Currently, endocytosis has been regarded as an essential component of many pathological conditions (Marzolo and Farfan, 2011). Increasing studies have focused on the role of tubular endocytosis in kidney disease development and progression. It is noted that various genetic mutations and acquired insults can affect PT endolysosomal function, leading to different cellular pathway activations and triggering proinflammatory and profibrotic responses, resulting in renal fibrosis (Dizin et al., 2013).

Dent Disease

Dent disease is a rare genetic proximal tubulopathy (Gianesello et al., 2021). Mutations in the CLCN5 and OCRL genes are known to cause Dent disease. Hoopes et al. first classified Dent Disease into three types, mutations in the CLCN5 gene as Dent Disease type 1, mutations in OCRL gene as Dent Disease type 2, and no mutations in either gene are categorized as Dent Disease type 3 (Hoopes et al., 2004).

Dent disease type 1 is a heterotypic X-linked disease caused by mutations in CLCN5, which encodes the electrogenic Cl⁻/H⁺ exchanger CLC-5, localized in early endosomes of the proximal tubule (PT) (Gianesello et al., 2020).

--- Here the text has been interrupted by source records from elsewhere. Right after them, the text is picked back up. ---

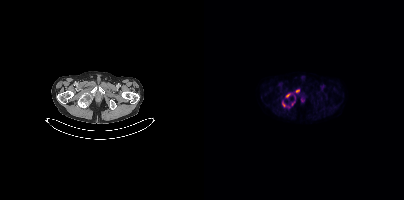
Left: CT. Right: PSMA PET, same axial level, [18F]PSMA-1007 tracer.
Coordinates are on the 200×200 PET (right) panel. PSMA-avid tumor lesion bounding boxes:
| # | x0 | y0 | x1 | y1 |
|---|---|---|---|---|
| 1 | 82 | 93 | 86 | 97 |
| 2 | 87 | 101 | 91 | 105 |
Small PSMA-avid foci (2 to 4 px across) near (center x, center y): (93, 91); (79, 104); (85, 106); (90, 98).
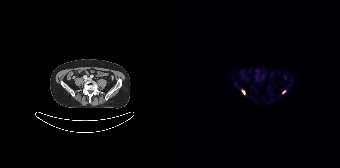
Coordinates are on the 168×168 PET (right) panel. PSMA-avid tumor lesion bounding box (x0, y0)-(x1, y1): (70, 90)-(73, 94). Small PSMA-avid focus (2 to 4 px across) near (center x, center y): (112, 92).
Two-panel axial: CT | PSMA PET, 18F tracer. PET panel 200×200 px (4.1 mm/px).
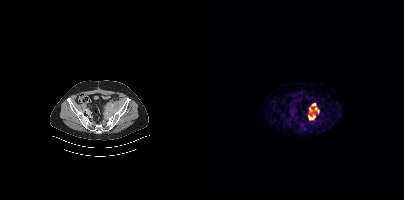
Coordinates are on the 200×200 PET (right) panel. PSMA-avid tumor lesion bounding box (x0, y0)-(x1, y1): (104, 103)-(115, 120).
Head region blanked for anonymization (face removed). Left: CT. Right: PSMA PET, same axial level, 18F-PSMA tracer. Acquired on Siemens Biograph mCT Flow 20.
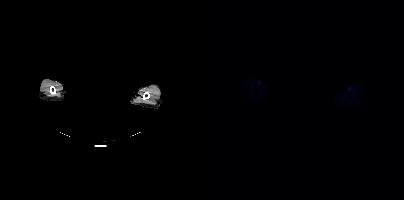
No tumor lesions annotated on this slice.
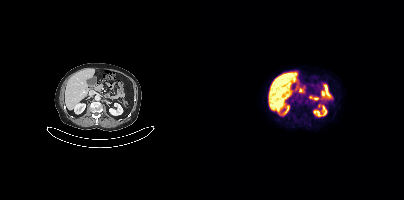
{"modality":"PSMA PET/CT","view":"axial","tracer":"[18F]PSMA-1007","pet_grid":[200,200],"coord_frame":"pet_panel","coord_format":"x0,y0,x1,y1","psma_avid_lesions":false}
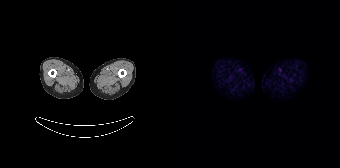
{"modality":"PSMA PET/CT","view":"axial","tracer":"[68Ga]Ga-PSMA-11","pet_grid":[168,168],"coord_frame":"pet_panel","coord_format":"x0,y0,x1,y1","psma_avid_lesions":false}
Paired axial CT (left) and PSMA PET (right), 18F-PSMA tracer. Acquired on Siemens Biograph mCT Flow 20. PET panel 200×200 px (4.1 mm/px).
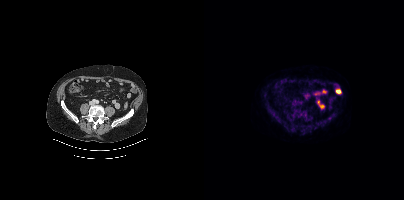
This slice has no annotated PSMA-avid lesion.
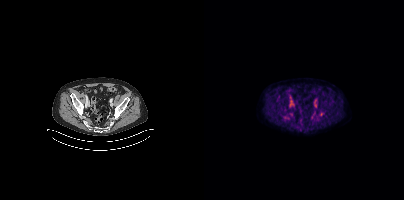
No tumor lesions annotated on this slice.
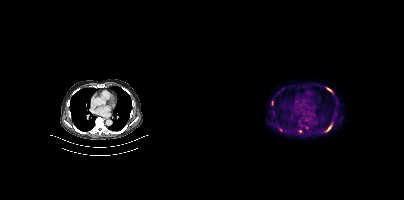
{"modality":"PSMA PET/CT","view":"axial","tracer":"[18F]PSMA-1007","pet_grid":[200,200],"coord_frame":"pet_panel","coord_format":"x0,y0,x1,y1","lesion_bboxes":[[122,125,127,131],[122,87,127,91],[68,101,69,105]],"small_foci_centers":[[96,131],[76,129]]}

Phenotypic features commonly include low molecular weight proteinuria (LMWP), hypercalciuria, focal global sclerosis, calcium nephrolithiasis, nephrocalcinosis, and renal failure (Gorvin et al., 2013; Blanchard et al., 2016; Anglani et al., 2019). Disruption of the mouse Clcn5 gene causes proteinuria by strongly reducing apical proximal tubular endocytosis, and both receptor-mediated and fluid-phase endocytosis and endosomal acidification are affected (Piwon et al., 2000). Reduced expressions of megalin and cubilin were also observed in Dent disease models (Christensen et al., 2003; Shipman and Weisz, 2020). Weisz et al. also discovered that decreased proximal tubule receptor expression and tubular proteinuria in Dent disease are primarily mediated by delayed early endosome maturation as a result of defective acidification and decreased [Cl -] accumulation (Shipman et al., 2023).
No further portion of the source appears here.